Fu così che, nel 1985, uscì Cap’n Magneto per Macintosh. Un gioco innovativo su molti versanti, per la trama, le modalità di gioco, la grafica, i controlli. Senza un Macintosh non avrebbe potuto essere quello che è stato.
Avanti veloce al 2020, quando un messaggio su Facebook lamenta l’impossibilità di… vincere Cap’n Magneto.
Il gioco era uscito come shareware e conteneva un meccanismo che permetteva di completarne l’esperienza solo a chi lo aveva pagato. Il pagamento era curato da Kagi, al tempo una istituzione in materia. Kagi ha chiuso i battenti nel 2016 e da allora è stato impossibile pagare la somma necessaria a sbloccare il gioco. Che però godeva ancora di almeno un estimatore.

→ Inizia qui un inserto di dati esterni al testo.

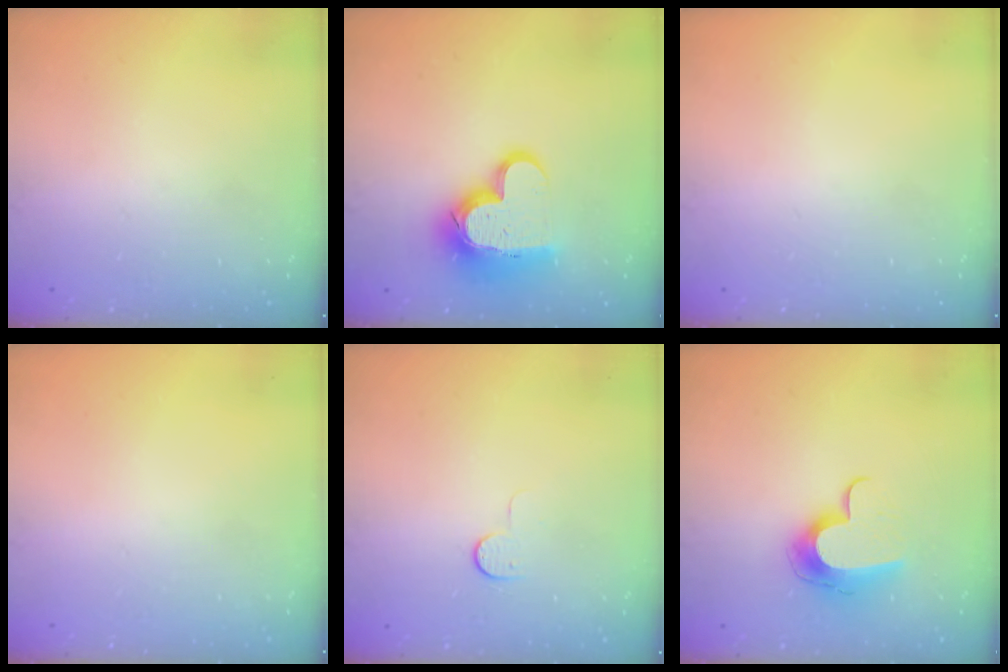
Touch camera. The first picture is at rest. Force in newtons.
{"total": 16.3, "press": 16.3, "slide": 1.1}
{"total": 0.0}
{"total": 0.0}
{"total": 4.9, "press": 4.9, "slide": 0.5}
{"total": 11.5, "press": 11.5, "slide": 0.7}

Sulla pagina di Cap’n Magneto è stato allora aggiunto un account da usare per sbloccare il gioco e portarlo a termine, gratuitamente. Da Al Evans in persona, ancora vivo a dispetto delle previsioni dei dottori e nella terza età di una vita piena di interessi e passioni, una soddisfacente carriera di piccolo imprenditore, un matrimonio duraturo.
Cap’n Magneto ha visto una versione Carbon che lo ha fatto arrivare funzionante su Mac OS X, ma per funzionare sui sistemi odierni ha bisogno di una emulazione.
Non possiamo sapere se Cap’n Magneto continuerà a vivere anche oltre il suo autore; di certo averli entrambi ancora vivi, dopo tanti anni, scalda il cuore e racconta una storia commovente di programmazione che aiuta a superare una situazione difficile. Lunga vita al capitano.